I have no idea, if 64bit is faster, I can't test it. Should I do a certain way of compiling?

thanks

wysota

7th January 2011, 14:12

If the application is built for a 64-bit target and not 32-bit one then the compiler is likely to optimize some things so "number crunching" should be a bit faster (up to 30% probably but it depends on a case-by-case basis). Qt however is not that much about number crunching so it will not gain much here and it will certainly not influence any part of your application that doesn't use Qt classes.

pkohut

7th January 2011, 16:07

Since the code is heavy on loops, reducing the number of "if" statements will provide a nice speed boost. For example, from "lisInfiltration.cpp" you have these lines of code (applies to other files as well)

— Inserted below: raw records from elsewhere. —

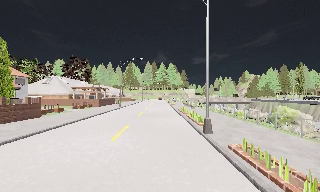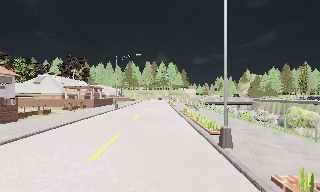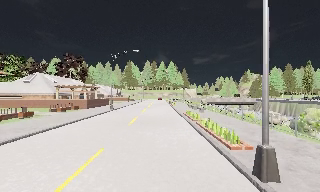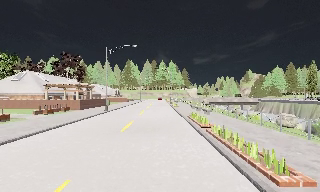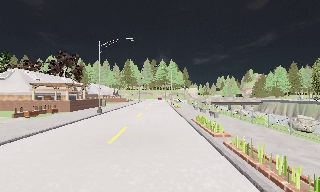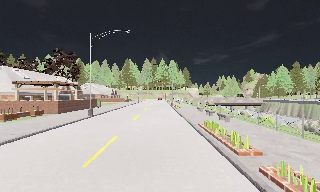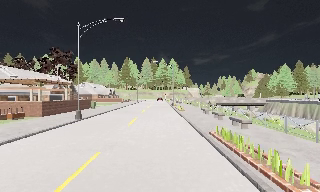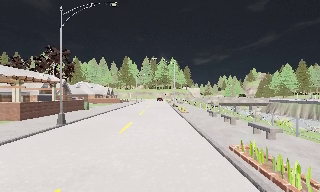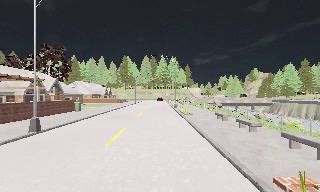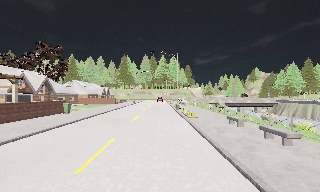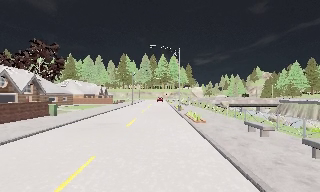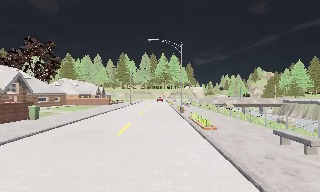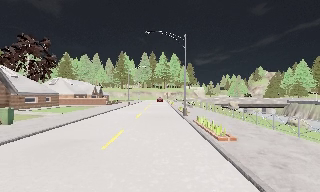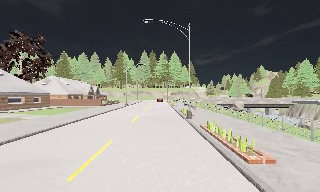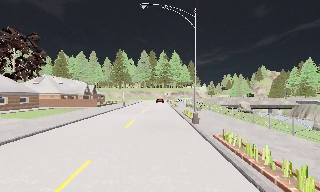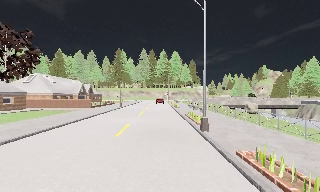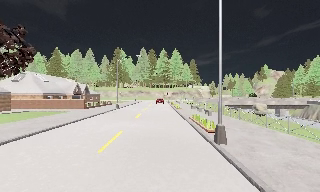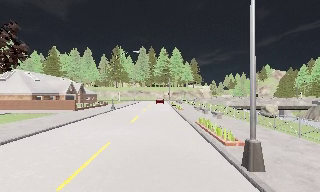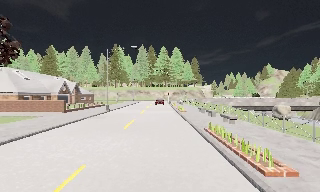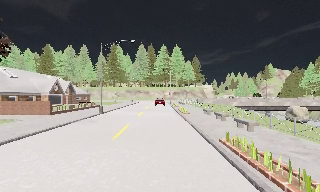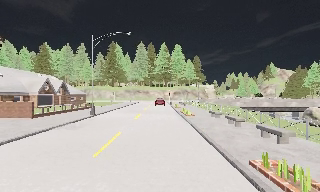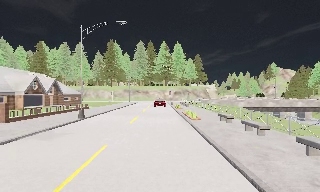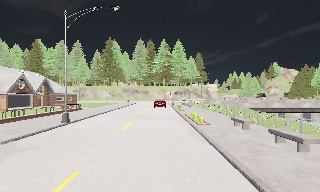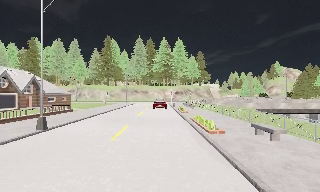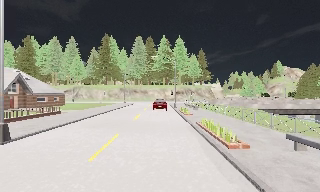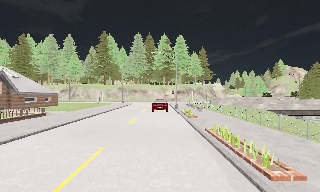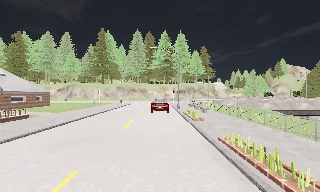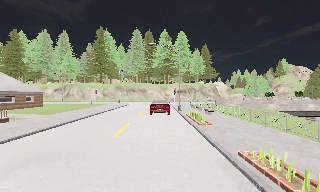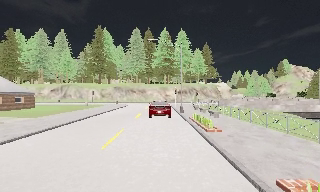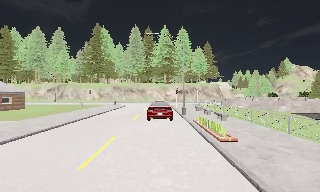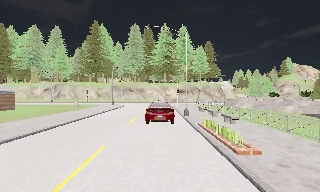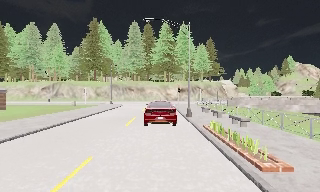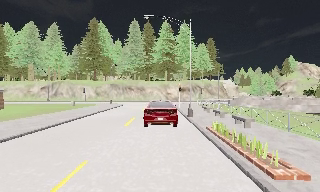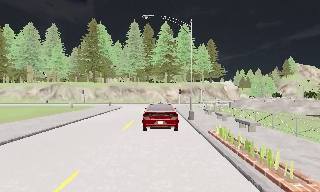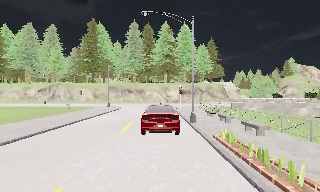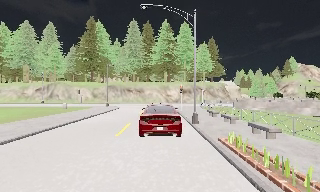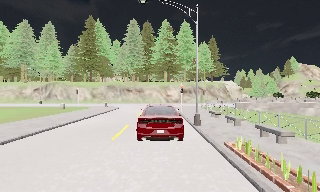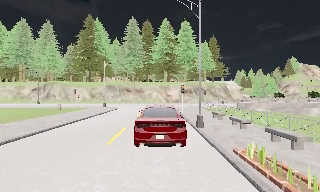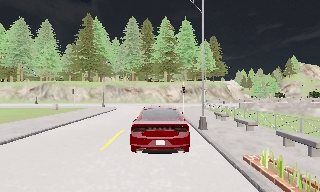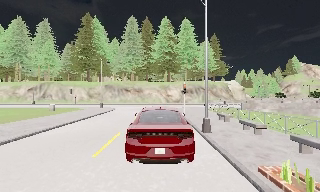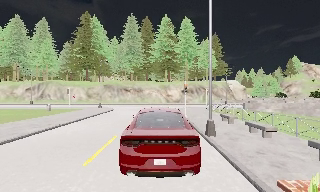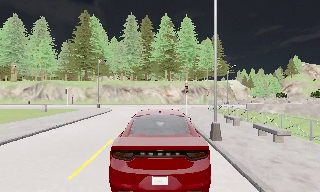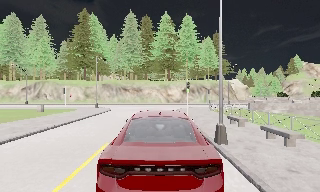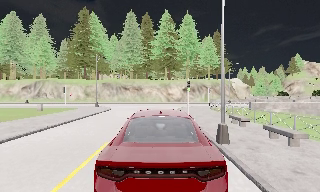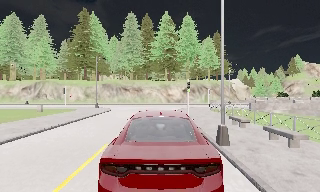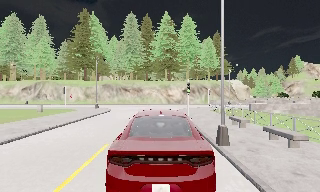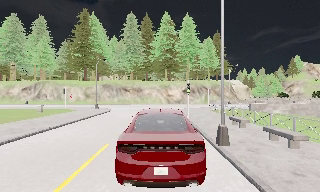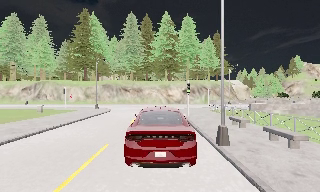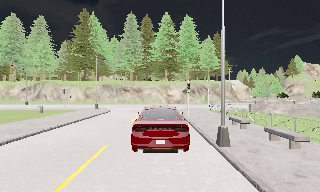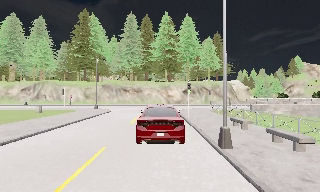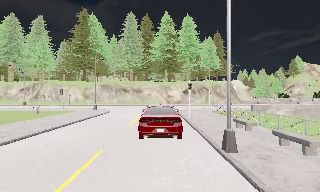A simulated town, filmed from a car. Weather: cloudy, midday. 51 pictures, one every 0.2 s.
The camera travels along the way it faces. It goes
forward.
0.0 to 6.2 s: The camera travels forward, about 65 m, so what stands in front looms larger.
6.2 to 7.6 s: The camera travels forward, about 4 m, so what stands in front looms larger. It gains speed.
7.6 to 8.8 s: The camera travels forward, about 2.5 m, so what stands in front looms larger. It loses speed.
8.8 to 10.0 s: The camera travels forward, about 0.5 m, so what stands in front looms larger. It gains speed.
The film runs forward here.

if (SwitchBuffers && !SwitchSedtrap)
if(BufferID->Drc > 0 && BufferVol->Drc > 0)
WH->Drc = 0;

Because of the && operator, lines 1 and 2 account for 4 if statements. Using the logical & operator can reduce this to 2 if statements without changing the structure of the code.

if (SwitchBuffers & !SwitchSedtrap)
if(BufferID->Drc > 0 & BufferVol->Drc > 0)
WH->Drc = 0;

This could further be reduced to a single if statement ...

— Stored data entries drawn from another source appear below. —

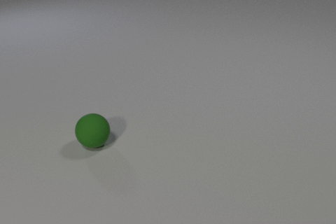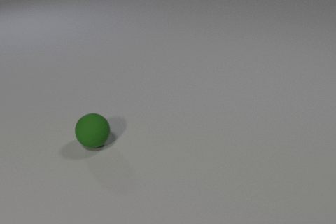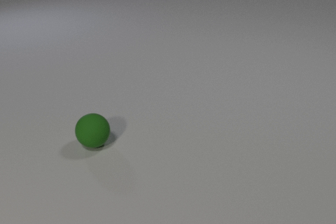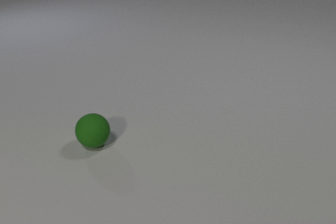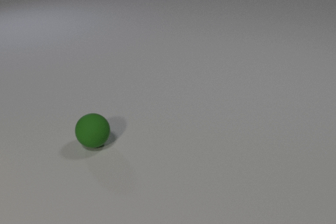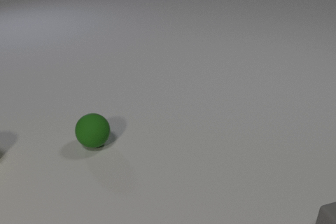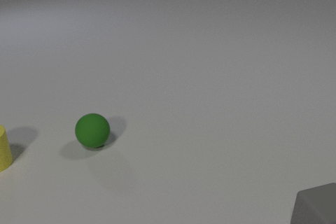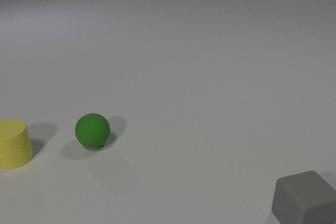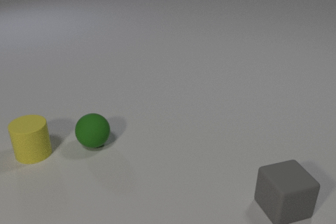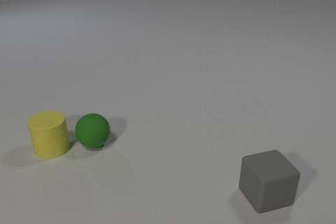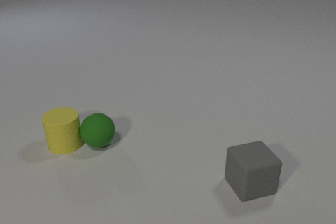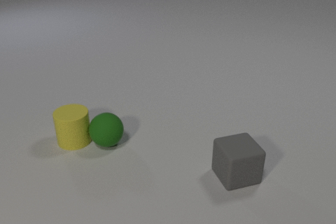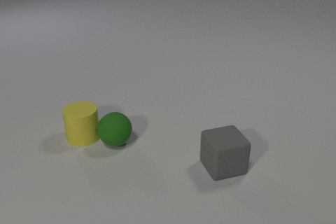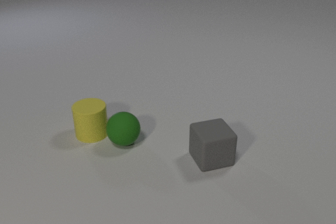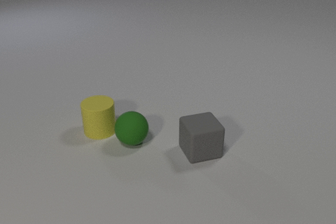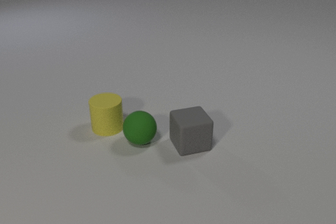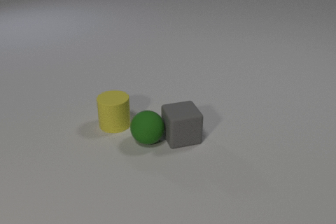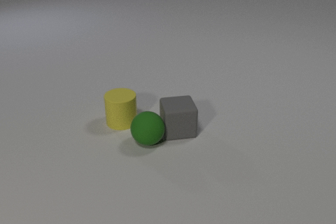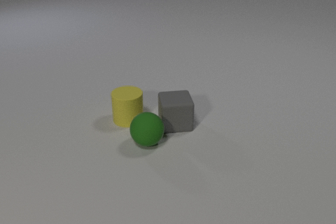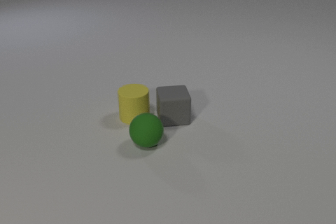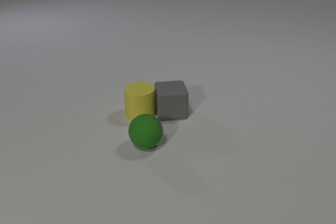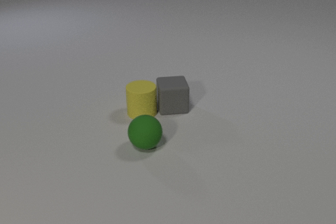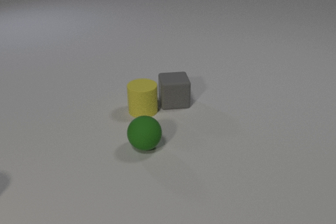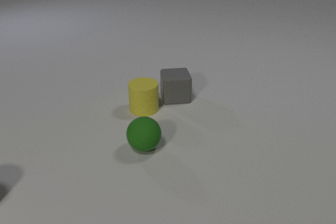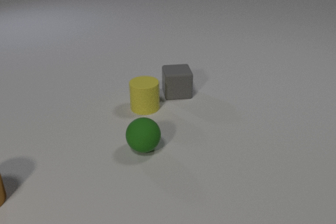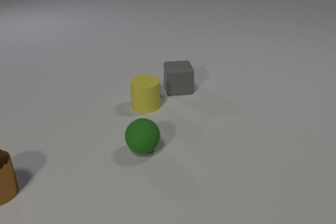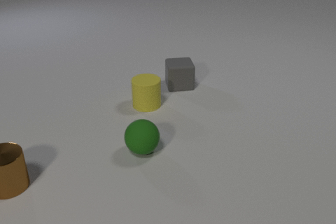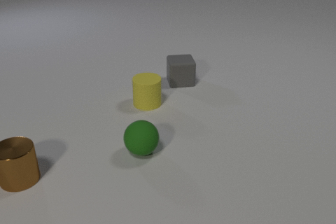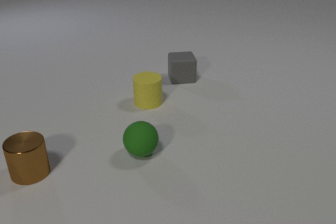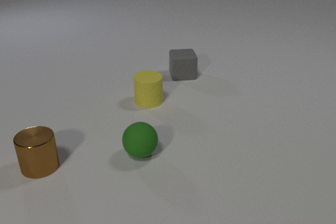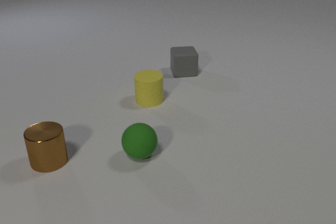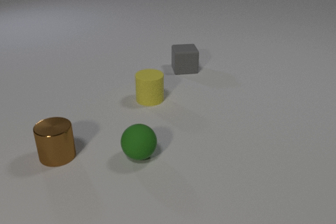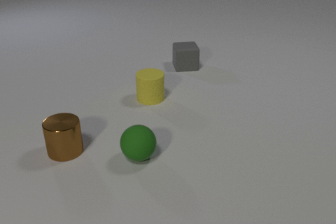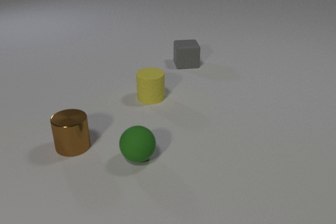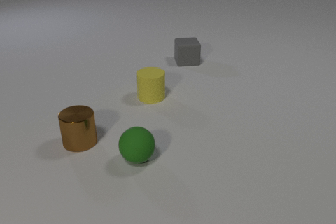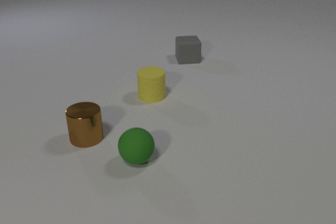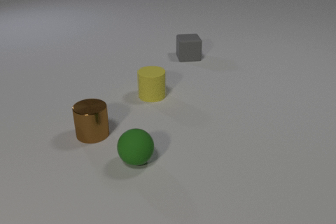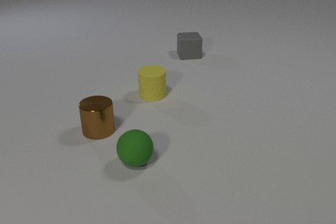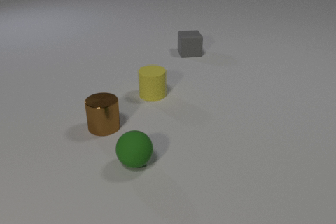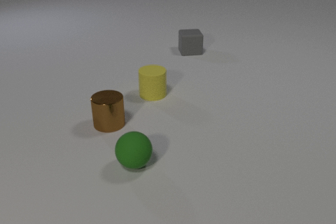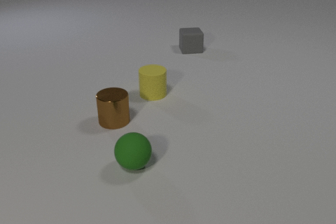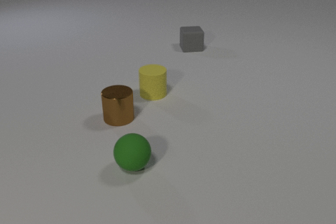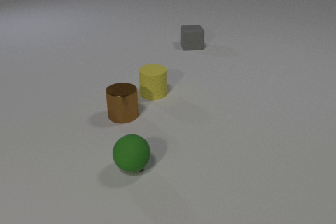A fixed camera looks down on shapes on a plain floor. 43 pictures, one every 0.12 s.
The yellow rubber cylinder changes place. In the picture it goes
to the right.
The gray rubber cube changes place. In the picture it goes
away from the camera.
0.00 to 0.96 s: The yellow rubber cylinder comes in at the left edge, slides to the right. The gray rubber cube comes in at the right edge, slides to the left and away from the camera.
0.96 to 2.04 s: The yellow rubber cylinder slides to the right and away from the camera. The green rubber sphere rolls to the right. The gray rubber cube slides away from the camera and to the left. The yellow rubber cylinder and the green rubber sphere collide. The green rubber sphere and the gray rubber cube collide.
2.04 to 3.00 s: The yellow rubber cylinder slides away from the camera and to the right. The green rubber sphere rolls toward the camera. The gray rubber cube slides away from the camera. The brown metal cylinder comes in at the left edge, slides to the right and away from the camera. The yellow rubber cylinder and the gray rubber cube collide.
3.00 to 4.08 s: The yellow rubber cylinder slides away from the camera. The green rubber sphere rolls toward the camera. The gray rubber cube slides away from the camera. The brown metal cylinder slides to the right and away from the camera.
4.08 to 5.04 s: The yellow rubber cylinder slides away from the camera. The green rubber sphere rolls toward the camera. The gray rubber cube slides away from the camera. The brown metal cylinder slides to the right and away from the camera.
What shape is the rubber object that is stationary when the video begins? sphere.
How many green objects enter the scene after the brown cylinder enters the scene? 0.
Are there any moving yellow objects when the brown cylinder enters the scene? yes.

if(SwitchBuffers & !SwitchSedtrap & BufferID->Drc > 0 & BufferVol->Drc > 0)
But careful observation and profiling need to be done to make sure it doesn't adversely effect the speed and run slower than the original if statement. The reason is that accessing memory outside of the L1 and L2 cache is slow. If BufferID is outside of those caches then it will be brought into the cache unnecessarily if(SwitchBuffers & !SwitchSedtrap) is false.

The second example would be my preferred choice.

Next, to help the compiler you should define constant variables as const. This will tell the compiler that the variable is not suppose to change and the compiler can apply some optimizations. For example, this

for(...) {
double Perim, Radius, Area, beta = 0.6;
double _23 = 2.0/3.0;
double beta1 = 1/beta;
double wh = ChannelWH->Drc;
double FW = ChannelWidth->Drc;
double grad = sqrt(ChannelGrad->Drc);
double dw = 0.5*(ChannelWidthUpDX->Drc - FW); // extra width when non-rectamgular
}
... can be changed to this.

for(...) {
double Perim, Radius, Area;
const double beta = 0.6;
const double _23 = 2.0/3.0;
const double beta1 = 1/beta;
double wh = ChannelWH->Drc;
double FW = ChannelWidth->Drc;
double grad = sqrt(ChannelGrad->Drc);
double dw = 0.5*(ChannelWidthUpDX->Drc - FW); // extra width when non-rectamgular
}
again, not really changing the code structure of what you've already got, just making your intent clear and helping the compiler along the way.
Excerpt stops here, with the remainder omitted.